┌─ Source data

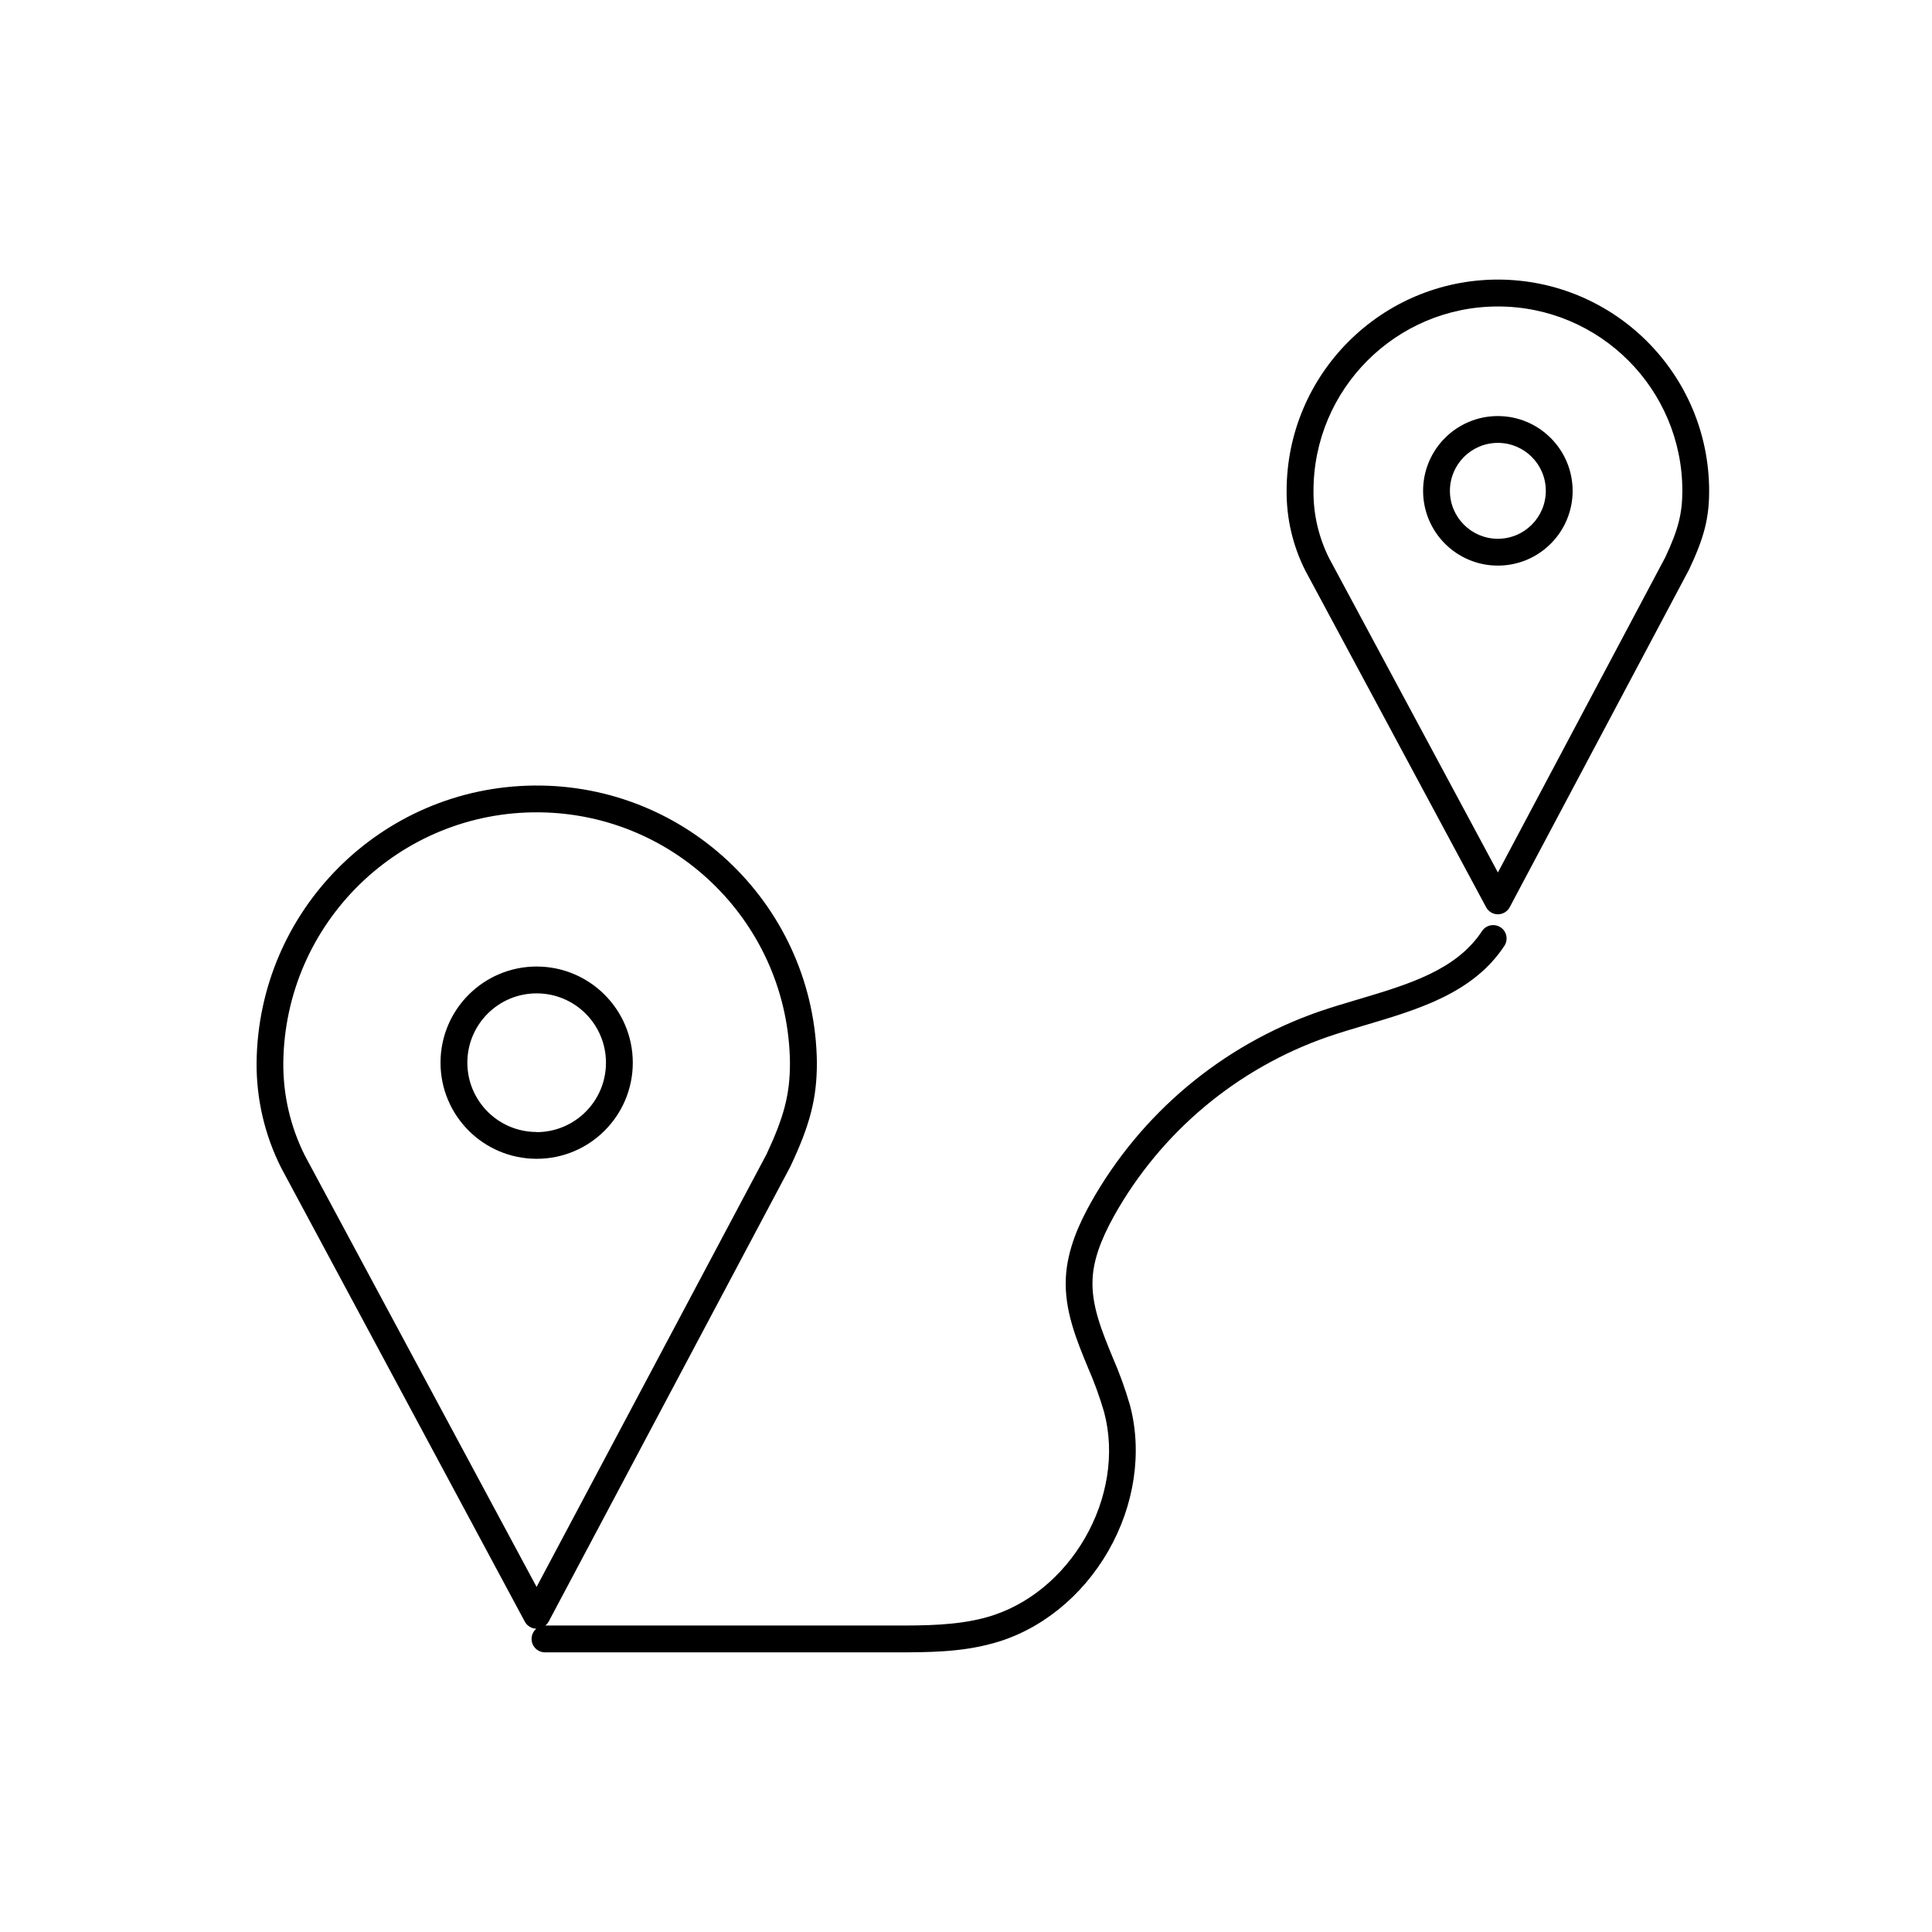 <?xml version="1.0" encoding="UTF-8"?>
<!-- Uploaded to: ICON Repo, www.svgrepo.com, Generator: ICON Repo Mixer Tools -->
<svg fill="#000000" width="800px" height="800px" version="1.1" viewBox="144 144 512 512" xmlns="http://www.w3.org/2000/svg">
 <g>
  <path d="m286.22 400.14c-14.07 0-25.477 11.406-25.477 25.477 0 14.07 11.406 25.477 25.477 25.477s25.477-11.406 25.477-25.477c-0.016-14.066-11.414-25.465-25.477-25.477zm0 43.848c-10.145 0-18.367-8.223-18.367-18.367 0-10.145 8.223-18.367 18.367-18.367s18.367 8.223 18.367 18.367c0.012 10.156-8.215 18.395-18.367 18.406z"/>
  <path d="m540.95 218.09c-30.902 0.039-55.945 25.082-55.984 55.984-0.055 7.336 1.645 14.574 4.949 21.125l47.918 89.223c0.617 1.152 1.82 1.875 3.129 1.875 1.309-0.004 2.512-0.727 3.129-1.883l47.527-89.469 0.07-0.152c3.93-8.309 5.254-13.535 5.254-20.707-0.035-30.906-25.078-55.957-55.984-55.996zm44.371 73.59-44.363 83.535-44.727-83.285c-2.773-5.531-4.195-11.645-4.141-17.836 0-26.992 21.883-48.875 48.875-48.875 26.992 0 48.875 21.883 48.875 48.875-0.008 6.035-1.109 10.316-4.523 17.586z"/>
  <path d="m540.95 254.26c-10.945 0-19.816 8.871-19.816 19.816s8.871 19.816 19.816 19.816c10.945 0 19.816-8.871 19.816-19.816-0.016-10.938-8.879-19.801-19.816-19.816zm0 32.523c-7.019 0-12.707-5.691-12.707-12.707 0-7.019 5.691-12.707 12.707-12.707 7.019 0 12.707 5.691 12.707 12.707-0.008 7.016-5.695 12.699-12.707 12.707z"/>
  <path d="m541.66 389.75c-1.641-1.078-3.844-0.625-4.922 1.012-6.816 10.352-19.48 14.121-32.879 18.102-3.394 1.004-6.906 2.055-10.254 3.199-25.723 8.938-47.273 26.992-60.578 50.75-2.871 5.191-6.219 12.148-6.574 19.941-0.383 8.512 2.789 16.234 5.875 23.699 1.68 3.828 3.106 7.762 4.273 11.773 5.953 22.359-8.949 48.289-31.262 54.402-7.875 2.16-16.352 2.16-24.605 2.152h-92.227c0.359-0.281 0.66-0.629 0.887-1.023l64.062-120.61 0.07-0.152c5.18-11.012 6.957-17.926 6.957-27.387-0.449-41.004-34.051-73.879-75.055-73.43-40.371 0.441-72.988 33.059-73.43 73.43-0.07 9.68 2.164 19.242 6.523 27.887l64.562 120.26c0.605 1.125 1.77 1.836 3.047 1.867-1.496 1.27-1.68 3.512-0.41 5.012 0.668 0.789 1.652 1.246 2.688 1.254h92.801c8.539 0 17.363 0 25.984-2.41 12.441-3.402 23.539-12.309 30.508-24.438 6.969-12.129 9.062-26.215 5.75-38.656-1.25-4.312-2.777-8.539-4.578-12.656-2.906-7.066-5.652-13.73-5.332-20.672 0.223-4.934 1.98-10.121 5.688-16.824 12.445-22.223 32.602-39.113 56.66-47.473 3.219-1.102 6.656-2.125 9.98-3.109 14.051-4.168 28.578-8.477 36.816-21.008 1.066-1.637 0.609-3.828-1.023-4.906zm-255.46 174.8-61.406-114.31c-3.828-7.629-5.785-16.062-5.715-24.598 0.426-37.078 30.828-66.789 67.906-66.363 36.477 0.418 65.941 29.887 66.363 66.359 0 8.352-1.52 14.219-6.219 24.27z"/>
 </g>
</svg>

└─

Work instructions: No pictures go in the copy. Set down all the data exactly.

Response area:
 <?xml version="1.0" encoding="UTF-8"?>
<!-- Uploaded to: ICON Repo, www.svgrepo.com, Generator: ICON Repo Mixer Tools -->
<svg fill="#000000" width="800px" height="800px" version="1.1" viewBox="144 144 512 512" xmlns="http://www.w3.org/2000/svg">
 <g>
  <path d="m286.22 400.14c-14.07 0-25.477 11.406-25.477 25.477 0 14.07 11.406 25.477 25.477 25.477s25.477-11.406 25.477-25.477c-0.016-14.066-11.414-25.465-25.477-25.477zm0 43.848c-10.145 0-18.367-8.223-18.367-18.367 0-10.145 8.223-18.367 18.367-18.367s18.367 8.223 18.367 18.367c0.012 10.156-8.215 18.395-18.367 18.406z"/>
  <path d="m540.95 218.09c-30.902 0.039-55.945 25.082-55.984 55.984-0.055 7.336 1.645 14.574 4.949 21.125l47.918 89.223c0.617 1.152 1.82 1.875 3.129 1.875 1.309-0.004 2.512-0.727 3.129-1.883l47.527-89.469 0.07-0.152c3.93-8.309 5.254-13.535 5.254-20.707-0.035-30.906-25.078-55.957-55.984-55.996zm44.371 73.59-44.363 83.535-44.727-83.285c-2.773-5.531-4.195-11.645-4.141-17.836 0-26.992 21.883-48.875 48.875-48.875 26.992 0 48.875 21.883 48.875 48.875-0.008 6.035-1.109 10.316-4.523 17.586z"/>
  <path d="m540.95 254.26c-10.945 0-19.816 8.871-19.816 19.816s8.871 19.816 19.816 19.816c10.945 0 19.816-8.871 19.816-19.816-0.016-10.938-8.879-19.801-19.816-19.816zm0 32.523c-7.019 0-12.707-5.691-12.707-12.707 0-7.019 5.691-12.707 12.707-12.707 7.019 0 12.707 5.691 12.707 12.707-0.008 7.016-5.695 12.699-12.707 12.707z"/>
  <path d="m541.66 389.75c-1.641-1.078-3.844-0.625-4.922 1.012-6.816 10.352-19.48 14.121-32.879 18.102-3.394 1.004-6.906 2.055-10.254 3.199-25.723 8.938-47.273 26.992-60.578 50.75-2.871 5.191-6.219 12.148-6.574 19.941-0.383 8.512 2.789 16.234 5.875 23.699 1.68 3.828 3.106 7.762 4.273 11.773 5.953 22.359-8.949 48.289-31.262 54.402-7.875 2.16-16.352 2.16-24.605 2.152h-92.227c0.359-0.281 0.66-0.629 0.887-1.023l64.062-120.61 0.07-0.152c5.18-11.012 6.957-17.926 6.957-27.387-0.449-41.004-34.051-73.879-75.055-73.43-40.371 0.441-72.988 33.059-73.43 73.43-0.07 9.68 2.164 19.242 6.523 27.887l64.562 120.26c0.605 1.125 1.77 1.836 3.047 1.867-1.496 1.27-1.68 3.512-0.41 5.012 0.668 0.789 1.652 1.246 2.688 1.254h92.801c8.539 0 17.363 0 25.984-2.41 12.441-3.402 23.539-12.309 30.508-24.438 6.969-12.129 9.062-26.215 5.75-38.656-1.25-4.312-2.777-8.539-4.578-12.656-2.906-7.066-5.652-13.73-5.332-20.672 0.223-4.934 1.98-10.121 5.688-16.824 12.445-22.223 32.602-39.113 56.66-47.473 3.219-1.102 6.656-2.125 9.98-3.109 14.051-4.168 28.578-8.477 36.816-21.008 1.066-1.637 0.609-3.828-1.023-4.906zm-255.46 174.8-61.406-114.31c-3.828-7.629-5.785-16.062-5.715-24.598 0.426-37.078 30.828-66.789 67.906-66.363 36.477 0.418 65.941 29.887 66.363 66.359 0 8.352-1.52 14.219-6.219 24.27z"/>
 </g>
</svg>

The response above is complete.